Somewhere along the way, I became obsessed with a simple question: Why do people choose what they choose?

v1.1.0 · DevHigh · Jul 2018 – Feb 2019 · 8m

AI Curation Before AI Was Cool

Joined a campus startup project called TOAST, an AI-powered curation service.

I worked on product planning, user surveys, notification A/B tests, launch campaigns, and what we dramatically called 'AI personality design' at the time.

It was probably my first experience realizing that recommendation systems are not really recommendation problems. They are trust problems.

We had technology. What we didn't fully understand yet was human motivation.

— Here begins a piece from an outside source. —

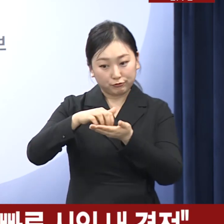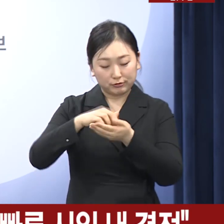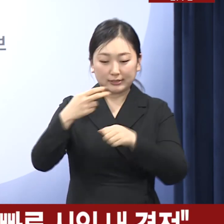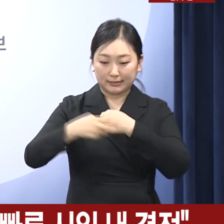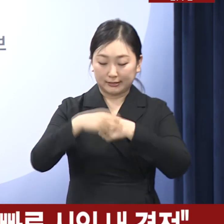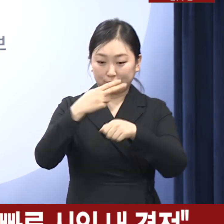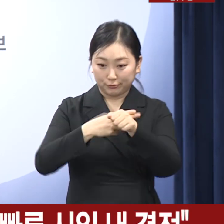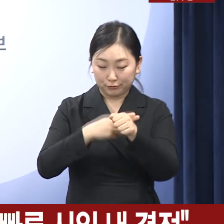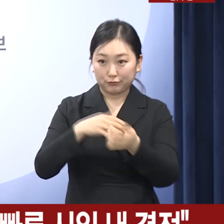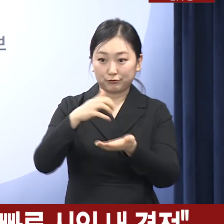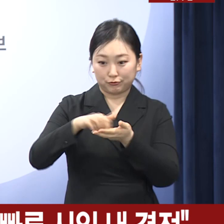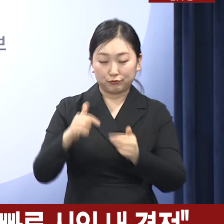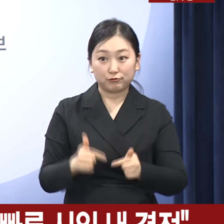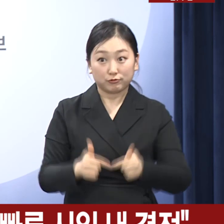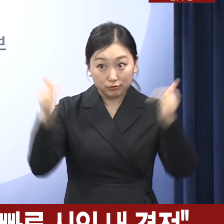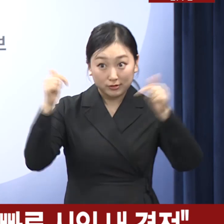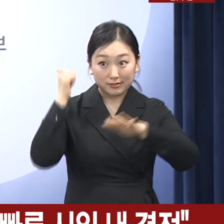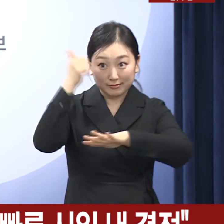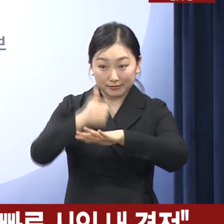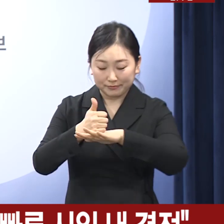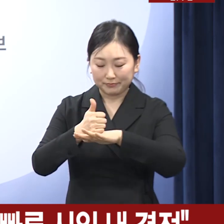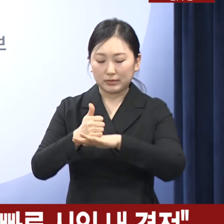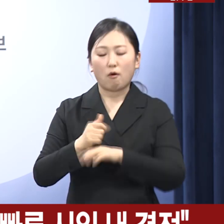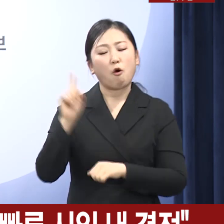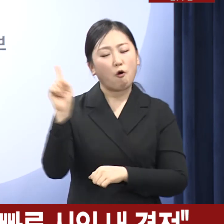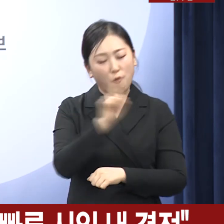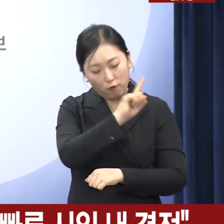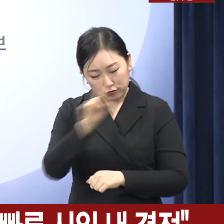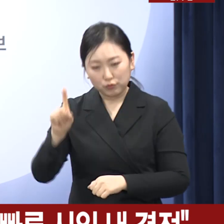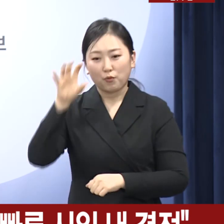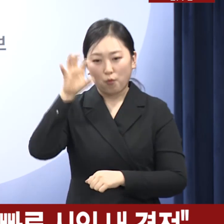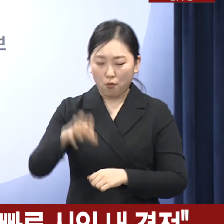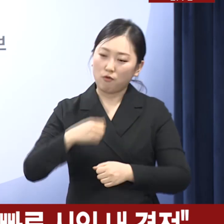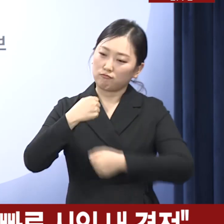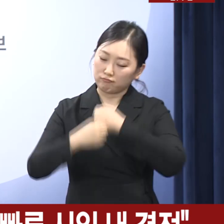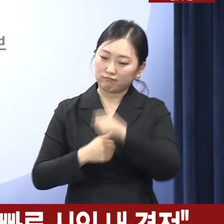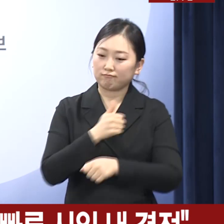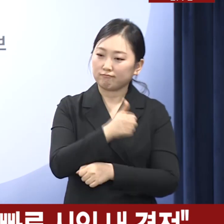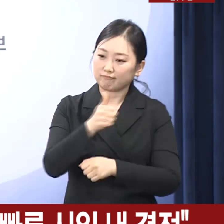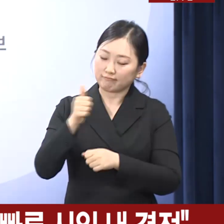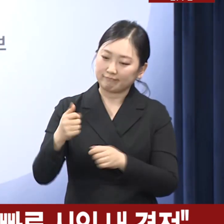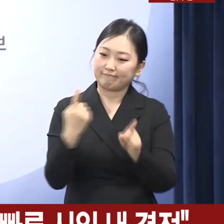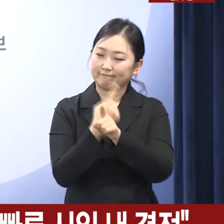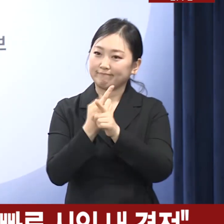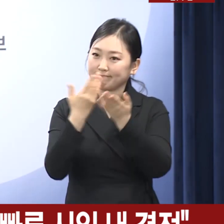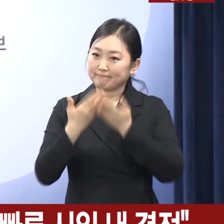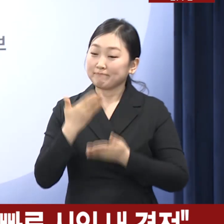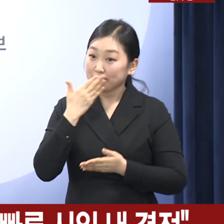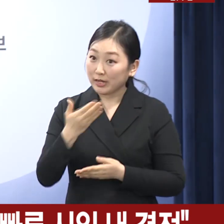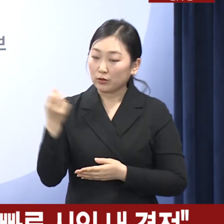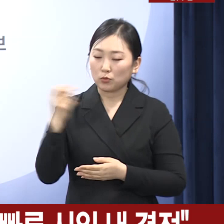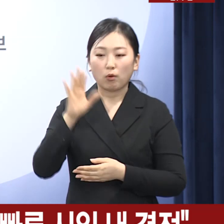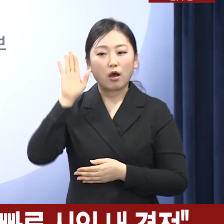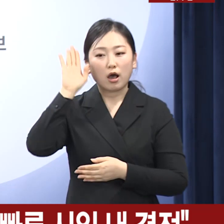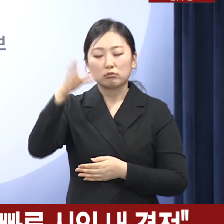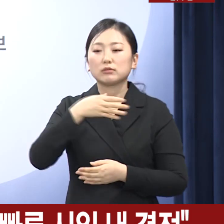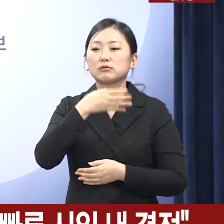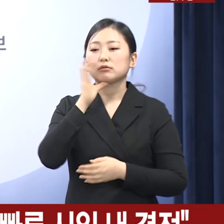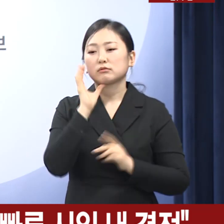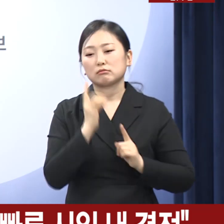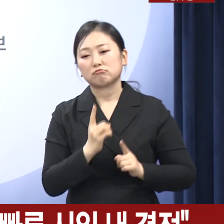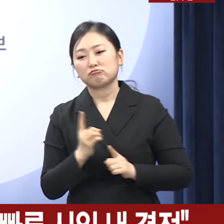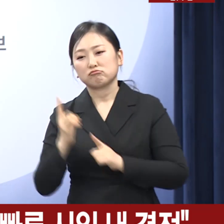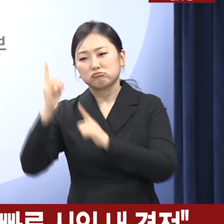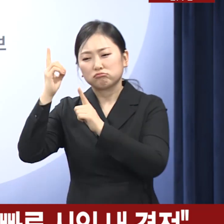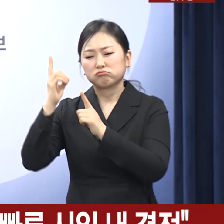어디서든 제때 필요한 의료 서비스를 받으실 수 있도록 하고, 초고령 사회로 늘어날 의료 서비스

That lesson stayed with me much longer than the product itself.

v1.2.0 · Kakao Hackathon · Jan 2019 · 48hrs

Built in 48 Hours, Remembered Years Later

48 hours. Grand prize. The idea lived on...

Won the grand prize at the Kakao Jeju Coding Base Camp Hackathon with a real-time location sharing service called Yanawa.

The original motivation was honestly very simple: my friends were unbelievably bad at estimating arrival times.

Years later, watching similar ideas appear inside mainstream map products felt strangely satisfying. Not because 'we predicted the future,' but because it reminded me that small behavioral frustrations are often more universal than they first appear.

v1.3.0 · Virus Network · Jul 2019 – Jan 2020 · 7m

Learning Persuasion Outside the Classroom

Joined Virus Network, a startup community focused on entrepreneurship culture.

Organised conferences, recruited sponsors, wrote proposals, cold-called companies, coordinated speakers, and hosted events.

At some point, I realized I was learning more about people from awkward sponsor calls than from marketing textbooks.

Most people are not persuaded by perfect logic. They are persuaded when they feel understood.

That idea later shaped the way I approached product management too.